Tucker & Dale vs. Evil ***
Directed by: Eli Craig.
Written by: Eli Craig & Morgan Jurgenson.
Starring: Tyler Labine (Dale Dobson), Alan Tudyk (Tucker), Katrina Bowden (Allison), Jesse Moss (Chad), Philip Granger (Sheriff), Brandon Jay McLaren (Jason), Christie Laing (Naomi), Chelan Simmons (Chloe), Travis Nelson (Chuck).
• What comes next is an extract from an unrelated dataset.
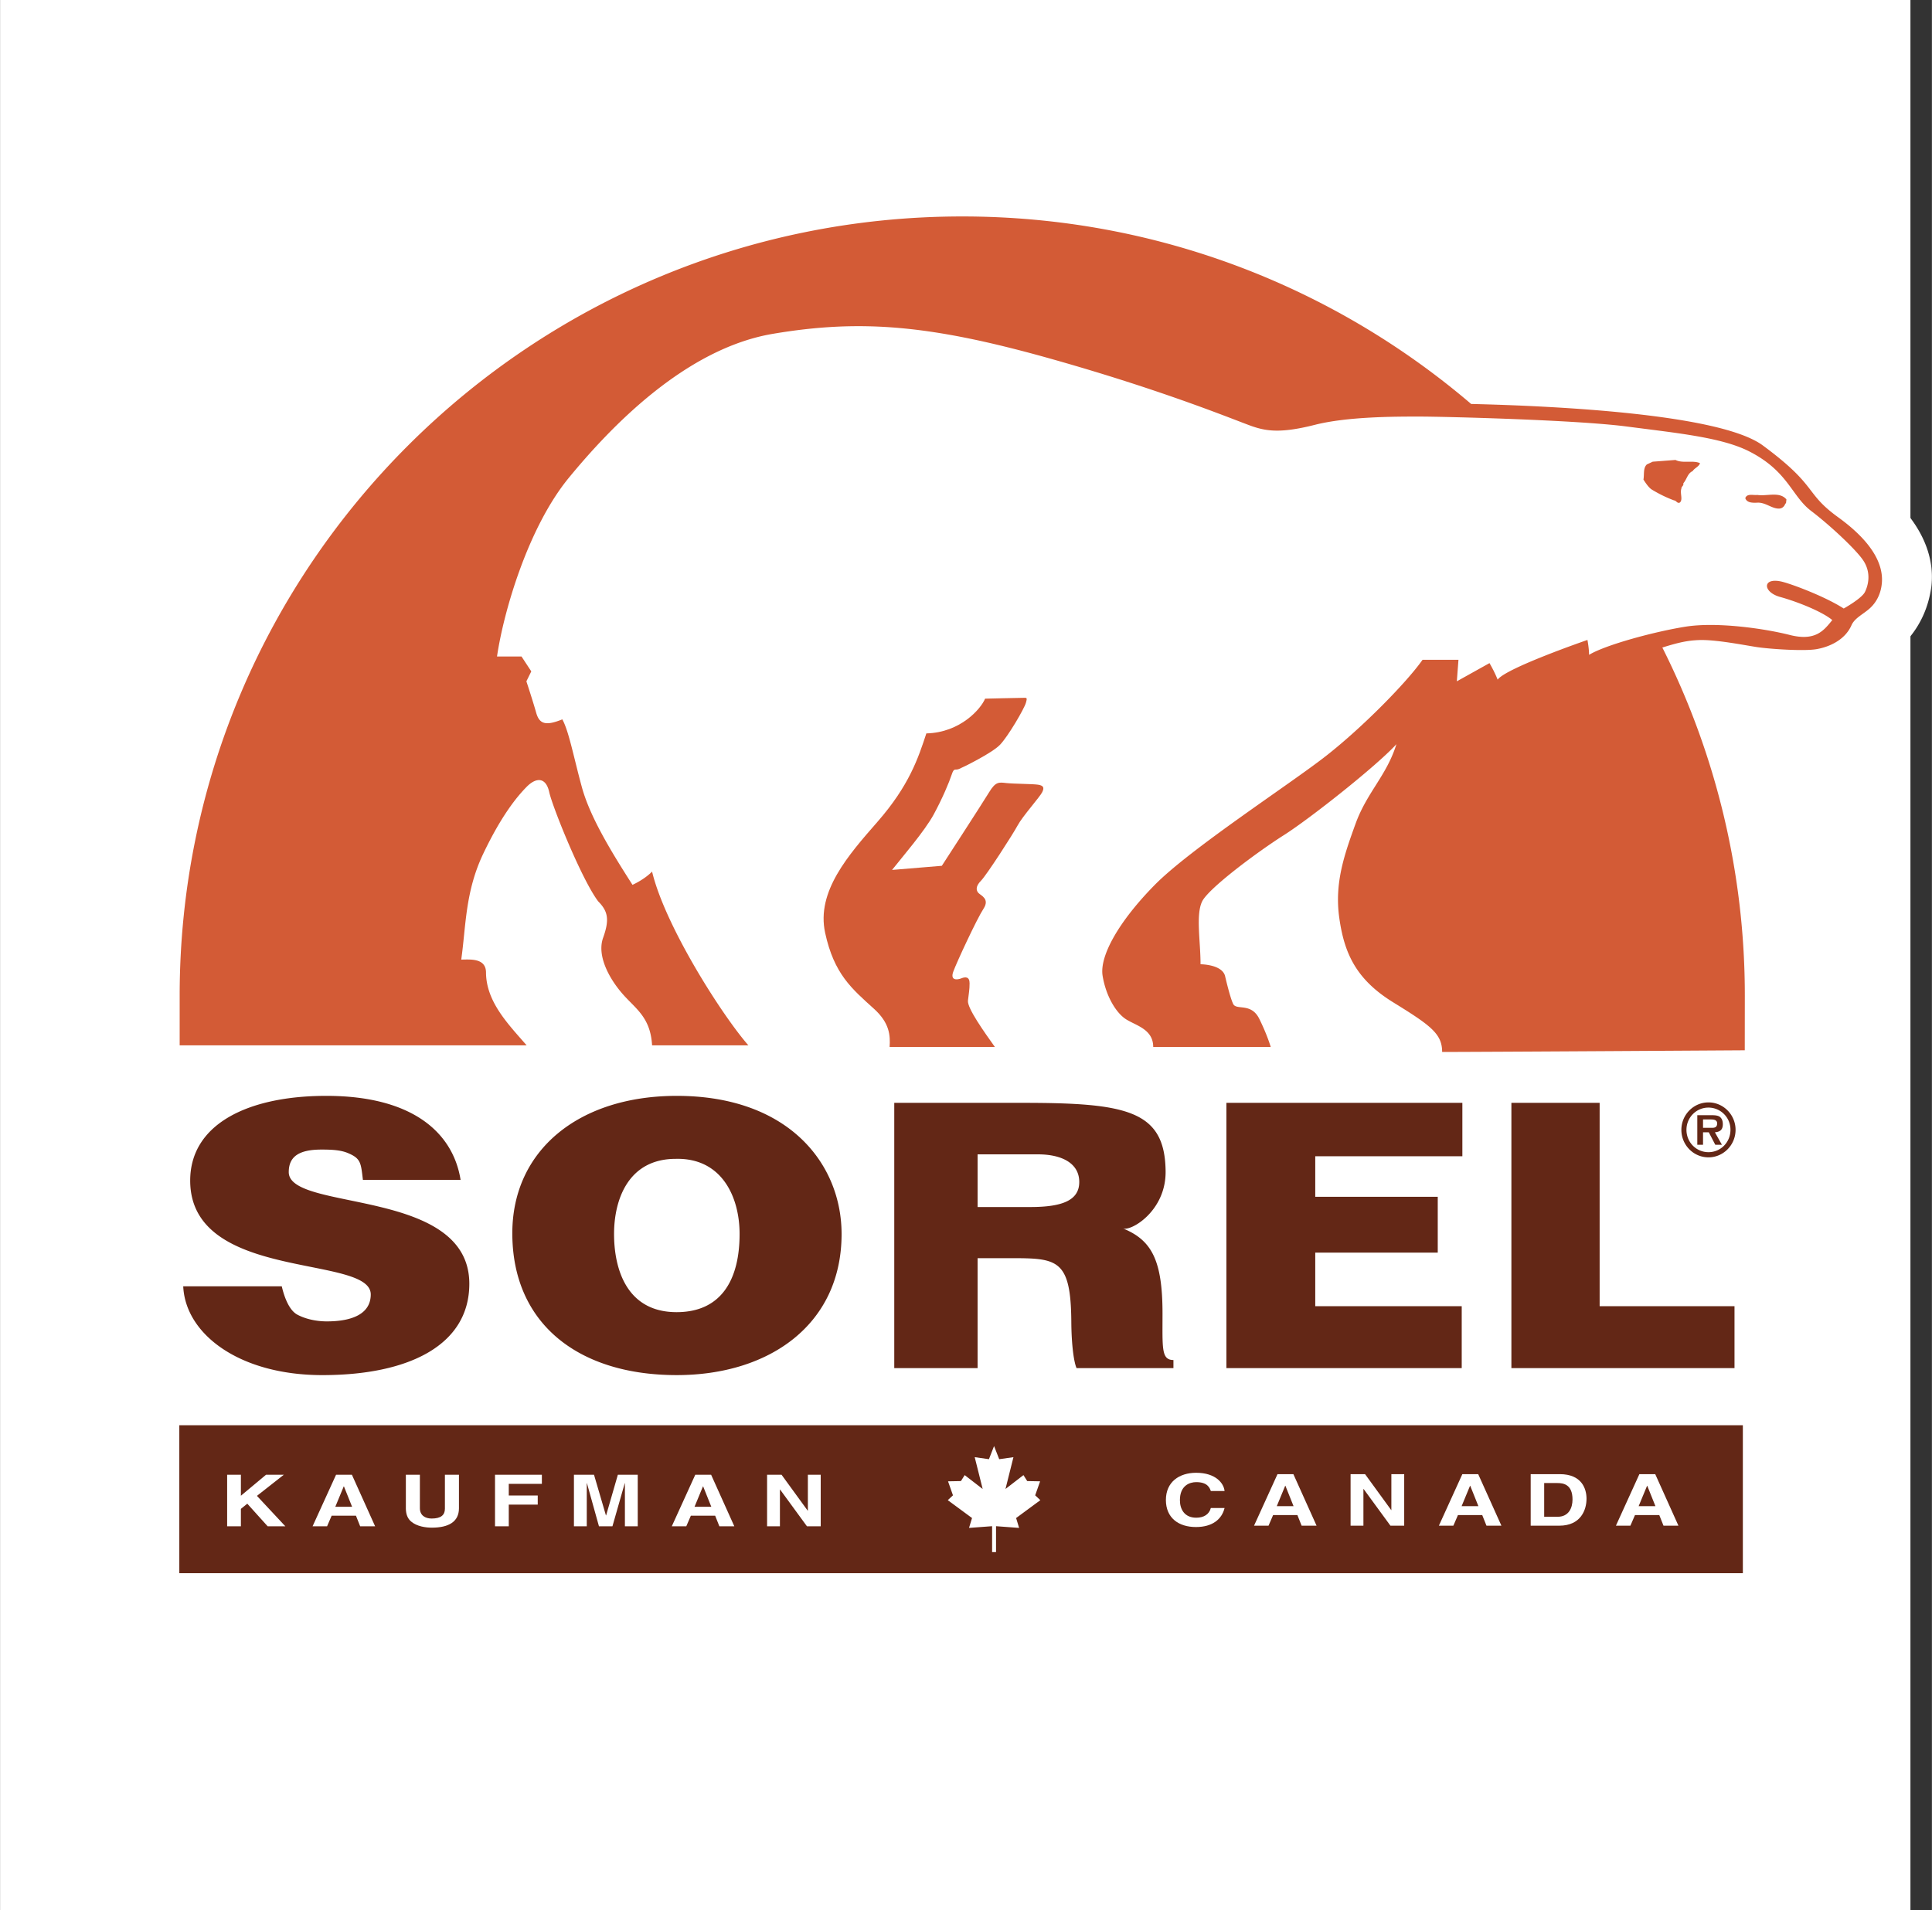 <svg xmlns="http://www.w3.org/2000/svg" width="2500" height="2472" viewBox="0 0 194.923 192.756"><rect x="0" y="0" width="194.923" height="192.756" fill="#333333" stroke="none"/><g fill-rule="evenodd" clip-rule="evenodd"><path fill="#fff" d="M0 0h192.756v192.756H0V0z"/><path d="M185.463 52.202c-3.459-2.505-1.967-3.088-7.607-7.251-4.33-3.193-21.057-3.986-29.426-4.184-13.809-11.787-31.736-18.923-51.348-18.923-43.608 0-78.963 35.209-78.963 78.641v58.113h157.858l.068-58.113a78.029 78.029 0 0 0-8.322-35.135c1.729-.419 2.412-.688 3.537-.733 1.689-.067 4.508.26 6.945.874 1.262.317 4.301.223 5.57.002 1.27-.22 2.371-1.454 3.359-2.893 1.482-1.001 2.438-2.074 2.744-3.857.306-1.784-.956-4.036-4.415-6.541z" fill="#fff" stroke="#fff" stroke-width="10" stroke-miterlimit="2.613"/><path stroke="#000" stroke-width=".216" stroke-miterlimit="2.613" d="M150.547 67.985h-.026v-.201h.026v.201z"/><path d="M166.16 46.87l.592-.277 2.299-.175c.717.376 1.777 0 2.471.326-.1.35-.568.501-.742.801-.518.226-.568.801-.939 1.228.051.276-.195.3-.195.526-.174.476.195 1.152-.174 1.428-.271.1-.346-.226-.568-.226a13.148 13.148 0 0 1-2.297-1.127c-.297-.226-.57-.626-.791-.978.098-.526-.05-1.151.344-1.526zM177.303 49.949c.988.15 2.248-.375 2.939.451l-.049.451-.051-.076c-.072.3-.295.527-.617.551-.74.026-1.334-.6-2.148-.6-.496.024-1.113.049-1.285-.451.172-.501.789-.275 1.211-.326z" fill="#d35b36"/><path d="M36.609 119.07c-.203-1.711-.203-2.15-1.496-2.697-.754-.322-1.672-.359-2.685-.359-2.288 0-3.301.719-3.301 2.275 0 4.016 18.219 1.525 18.219 11.266 0 6.209-6.117 9.221-14.83 9.221-8.362 0-13.817-4.127-14.037-8.961h9.944c.221.967.712 2.424 1.593 2.871.837.445 1.936.668 2.948.668 2.597 0 4.436-.777 4.436-2.721 0-4.053-18.218-1.264-18.218-11.488 0-5.688 5.808-8.551 13.73-8.551 8.801 0 12.806 3.793 13.553 8.477h-9.856v-.001zM84.908 124.535c0 9.109-7.261 14.24-16.634 14.24-9.945 0-16.589-5.207-16.589-14.314 0-8.402 6.733-13.867 16.589-13.867 11.309 0 16.634 6.877 16.634 13.941zm-22.958-.002c0 3.506 1.253 7.889 6.311 7.889 4.566 0 6.356-3.354 6.356-7.889 0-3.734-1.791-7.697-6.445-7.582-4.79 0-6.222 4.115-6.222 7.582zM98.631 126.973v11.096h-8.408v-26.77h12.986c10.52 0 14.342.783 14.393 6.934.031 3.994-3.51 6.061-4.312 5.736 2.906 1.178 4 3.207 4 8.598 0 3.494-.131 4.684 1.102 4.684v.818h-9.775c-.266-.594-.514-2.305-.529-4.686-.047-6.396-1.445-6.41-6.285-6.41h-3.172zm0-5.161h5.328c3.213 0 4.93-.668 4.93-2.525 0-1.896-1.76-2.791-4.182-2.791h-6.076v5.316zM123.736 138.068v-26.769h23.809v5.387h-14.844v4.093h12.36v5.637h-12.36v5.406h14.779v6.246h-23.744zM152.492 138.068v-26.769h8.904v20.523h13.608v6.246h-22.512zM175.846 158.762v-14.93H18.085v14.93h157.761zM169.643 114.023c0-1.521 1.223-2.77 2.736-2.77 1.502 0 2.732 1.248 2.732 2.77 0 1.529-1.23 2.775-2.732 2.775-1.514.001-2.736-1.245-2.736-2.775zm4.953 0a2.224 2.224 0 0 0-2.217-2.246c-1.236 0-2.223 1-2.223 2.246 0 1.254.986 2.254 2.223 2.254 1.23 0 2.217-1 2.217-2.254zm-.86 1.508h-.67l-.658-1.262h-.58v1.262h-.578v-2.986h1.43c.25 0 .58.008.801.137.264.176.344.465.344.775 0 .553-.279.775-.801.812l.712 1.262zm-1.043-1.711c.33.008.559-.072.559-.449 0-.398-.422-.398-.707-.398h-.717v.848h.865v-.001z" fill="#632716"/><path fill="#fff" d="M24.298 154.033h-1.387v-5.201h1.387v2.117l2.535-2.117h1.794l-2.71 2.129 2.867 3.072H27l-2.055-2.281-.647.521v1.76zM32.994 154.033h-1.463l2.369-5.201h1.6l2.341 5.201h-1.508l-.426-1.072h-2.451l-.462 1.072zm.831-1.971h1.693l-.823-2.057h-.019l-.851 2.057zM46.3 152.215c0 1.369-1.055 1.955-2.73 1.955-.611 0-1.517-.115-2.11-.629-.359-.318-.498-.738-.517-1.262v-3.447h1.415v3.375c0 .725.536 1.043 1.184 1.043.953 0 1.341-.361 1.341-.992v-3.426H46.3v3.383zM51.327 154.033h-1.388v-5.201h4.728v.92h-3.34v1.174h2.923v.92h-2.923v2.187zM64.34 154.033h-1.295v-4.345h-.018l-1.24 4.345h-1.36l-1.211-4.345h-.019v4.345h-1.295v-5.201h2.026l1.202 4.1h.019l1.184-4.1h2.007v5.201zM69.238 154.033h-1.462l2.368-5.201h1.601l2.34 5.201h-1.508l-.425-1.072H69.7l-.462 1.072zm.833-1.971h1.692l-.823-2.057h-.018l-.851 2.057zM81.506 148.832h1.296v5.201h-1.388l-2.71-3.709h-.018v3.709h-1.295v-5.201h1.461l2.637 3.623h.017v-3.623zM122.164 150.473c-.111-.311-.324-.898-1.471-.898-.668 0-1.648.348-1.648 1.818 0 .934.473 1.773 1.648 1.773.768 0 1.305-.34 1.471-.977h1.387c-.277 1.129-1.221 1.918-2.887 1.918-1.768 0-3.033-.934-3.033-2.729 0-1.82 1.342-2.746 3.053-2.746 1.988 0 2.793 1.07 2.867 1.84h-1.387v.001zM127.988 153.971h-1.463l2.367-5.201h1.602l2.34 5.201h-1.508l-.426-1.072h-2.451l-.461 1.072zm.832-1.971h1.691l-.822-2.057h-.02L128.82 152zM140.381 148.77h1.295v5.201h-1.389l-2.709-3.707h-.017v3.707h-1.295v-5.201h1.461l2.636 3.623h.018v-3.623zM146.637 153.971h-1.461l2.367-5.201h1.6l2.342 5.201h-1.508l-.428-1.072H147.1l-.463 1.072zm.832-1.971h1.693l-.824-2.057h-.018l-.851 2.057zM154.439 148.77h2.932c2.238 0 2.701 1.494 2.701 2.479 0 1.113-.564 2.723-2.756 2.723h-2.877v-5.202zm1.36 4.302h1.352c1.129 0 1.508-.891 1.508-1.746 0-1.535-.936-1.658-1.525-1.658H155.8v3.404h-.001zM164.5 153.971h-1.461l2.367-5.201h1.6l2.34 5.201h-1.506l-.426-1.072h-2.451l-.463 1.072zm.832-1.971h1.693l-.824-2.057h-.018l-.851 2.057zM100.301 156.639h-.205v-2.616l-2.329.172.303-.996-2.446-1.803.522-.488-.497-1.414 1.3-.025.38-.602 1.814 1.399-.803-3.209 1.435.203.518-1.324.519 1.324 1.436-.203-.803 3.209 1.813-1.399.381.602 1.3.025-.498 1.414.522.488-2.445 1.803.302.996-2.328-.172v2.616h-.205.014z"/><path d="M176.039 105.994l.006-5.51a78.029 78.029 0 0 0-8.322-35.135c1.666-.524 2.555-.708 3.682-.754 1.689-.067 4.57.511 5.854.708 1.285.194 4.754.431 6.023.209 1.268-.22 2.865-.91 3.525-2.413.328-.751 1.227-1.124 1.895-1.75.668-.627 1.105-1.508 1.178-2.607.113-1.806-.957-4.035-4.416-6.54s-1.967-3.088-7.607-7.251c-4.33-3.193-21.057-3.986-29.426-4.184-13.809-11.787-31.736-18.923-51.348-18.923-43.608 0-78.963 35.209-78.963 78.641v5.01h35.01c-1.845-2.129-4.1-4.391-4.1-7.396-.042-1.453-1.674-1.258-2.498-1.258.482-3.408.396-6.859 2.225-10.695 1.828-3.836 3.385-5.736 4.373-6.738.988-1.002 1.952-.965 2.281.538.33 1.503 3.293 8.851 4.941 11.021.988 1.001 1.152 1.837.494 3.674-.66 1.836.658 4.176 1.977 5.678 1.316 1.502 2.799 2.338 2.964 5.176h9.717c-2.635-3.006-8.4-12.024-9.717-17.534-.824.835-1.977 1.336-1.977 1.336-2.141-3.34-4.282-6.847-5.106-9.853-.823-3.006-1.317-5.678-1.976-6.847-1.646.668-2.306.502-2.635-.668-.329-1.168-.988-3.171-.988-3.171l.494-1.003-.987-1.503h-2.471c.658-4.508 3.129-13.024 7.247-18.035 4.117-5.009 11.693-13.025 20.588-14.528 8.894-1.502 15.956-.887 28 2.505 11.859 3.339 18.941 6.345 20.424 6.847 1.482.5 2.965.667 6.258-.167 3.295-.835 8.07-.835 10.541-.835s15.811.334 20.92 1.002c5.105.667 9.572 1.095 12.352 2.504 3.953 2.005 4.281 4.509 6.258 6.012 1.977 1.503 4.576 3.952 5.271 5.01.824 1.252.494 2.505.166 3.172-.33.668-2.143 1.671-2.143 1.671-1.812-1.169-4.98-2.369-6.094-2.672-2.141-.585-2.141 1.001-.33 1.503 1.812.5 4.283 1.502 5.271 2.337-.824 1.001-1.648 2.17-4.283 1.503-2.635-.668-7.412-1.336-10.541-.836-3.131.501-8.07 1.837-9.717 2.84 0-.669-.164-1.503-.164-1.503s-8.236 2.838-9.061 4.007c-.328-.835-.822-1.669-.822-1.669l-3.295 1.837.164-2.172h-3.623c-1.646 2.338-6.094 6.846-9.719 9.685-3.623 2.84-13.67 9.353-17.295 13.026-3.621 3.674-5.598 7.18-5.268 9.184.328 2.004 1.316 3.676 2.305 4.344.988.666 2.801 1 2.801 2.838h11.857s-.328-1.17-1.152-2.838c-.822-1.672-2.307-.836-2.635-1.504-.33-.668-.824-2.84-.824-2.84-.33-1.168-2.471-1.168-2.471-1.168 0-2.339-.492-5.011.164-6.346.66-1.336 5.602-5.01 8.236-6.68s9.389-7.013 11.365-9.185c-.988 3.173-2.965 4.843-4.119 8.016-1.152 3.173-2.141 6.012-1.646 9.519.494 3.506 1.646 6.18 5.436 8.516 3.789 2.338 4.941 3.174 4.941 5.01 3.955 0 30.535-.168 30.535-.168z" fill="#d35b36"/><path d="M89.753 105.662h10.624c-1.07-1.504-2.801-3.926-2.718-4.676.083-.752.164-1.086.164-1.754s-.411-.668-.823-.502c-.412.168-1.153.25-.824-.666.33-.92 2.389-5.345 3.047-6.347.66-1.001-.246-1.336-.494-1.586-.246-.251-.33-.669.248-1.252.576-.586 3.211-4.676 3.705-5.595.494-.918 2.223-2.839 2.471-3.34s.082-.668-.412-.751c-.492-.084-2.471-.084-3.211-.167-.742-.083-1.07-.167-1.73.918-.658 1.086-4.776 7.432-4.776 7.432L90 87.793c.988-1.253 3.294-3.924 4.201-5.594.905-1.67 1.564-3.257 1.811-4.009.247-.751.329-.417.741-.583.412-.168 3.294-1.587 4.117-2.422.824-.834 2.473-3.674 2.637-4.258.164-.584.082-.501-.33-.501s-3.789.083-3.789.083c-.41 1.002-2.47 3.423-5.927 3.506-.824 2.505-1.73 5.261-4.942 8.935-2.909 3.328-6.177 7.013-5.271 11.189.906 4.174 2.678 5.627 4.941 7.68 1.564 1.421 1.646 2.673 1.564 3.843z" fill="#d35b36"/></g></svg>

Six attractive, upper class college students decide to go camping in the middle of nowhere. They stop on the way to get beer, and see two hillbillies in a truck staring at them – one of them even comes up and tries to talk to them, although what he says doesn’t make sense but is oddly creepy. We they get to their camping spot, one of them tells the story of how a similar group of kids was murdered right in these very woods, right on this very spot, exactly 20 years ago tonight. And then they go skinny dipping. The hillbillies in the pickup show up again, frightening one of the girls so she falls down and hits her head. She wakes up with in the hillbillies’ cabin and discovers… that they are actually two really nice guys, a little shy and awkward sure, but sweet and they were just trying to help. Her friends however, especially their insane leader, are convinced they have kidnapped her – thus setting up a battle to the death between the hillbillies and the college kids.
Tucker & Dale vs. Evil gleefully checks off all the boxes of horror movie clichés about college kids running into insane hillbillies, and then turns them on their head. This movie has as high of a body count as those horror movies – and those kids die in gruesome ways, including impalings, fire and of course a wood chipper. There’s even a helpful cop who shows up, and dies in a gruesome way as well. But everything is just an accident – it’s all just a misunderstanding. But those kids are convinced that those hillbillies are evil.
The hillbillies in question are Tucker (Alan Tudyk) and Dale (Tyler Labine), who would be more comfortable as a comedy duo in the 1930s than in a hillbilly slasher flick of the 1970s. Tucker is skinnier, more uptight, more intelligent, and he becomes exasperated by his bumbling, oafish, but lovable and heavier companion. I kept expecting Tudyk to either smack Labine upside his head with his hat, or else turn to him or say “Well, here’s another fine mess you’ve got us in!” His facial expressions pretty much say that anyway. The two actors work well together – play off each other nicely. They just came up to the woods to enjoy a quiet long weekend fishing at Tucker’s new “vacation cabin”, although admittedly, it certainly does look like the place you would be taken to by an insane hillbilly who wants to kill you.
The girl they “kidnap” is sweetly played by Katrina Bowden, who is convinced, even with multiple dead bodies already piling up, that everything can be sorted out if everyone just sat down, had a nice cup of tea and talked through their problems. The real problem is Chad (Jesse Moss), the leader of the college kids, really is insane and bloodthirsty.
Tucker & Dale vs. Evil is made with the same spirit, if not the same style, as Edgar Wright’s Shaun of the Dead. No, it doesn’t explode the genre it’s spoofing like that film did, but it sends up nicely. For fans of the horror genre, Tucker & Dale vs. Evil is a must – a cult film in the making.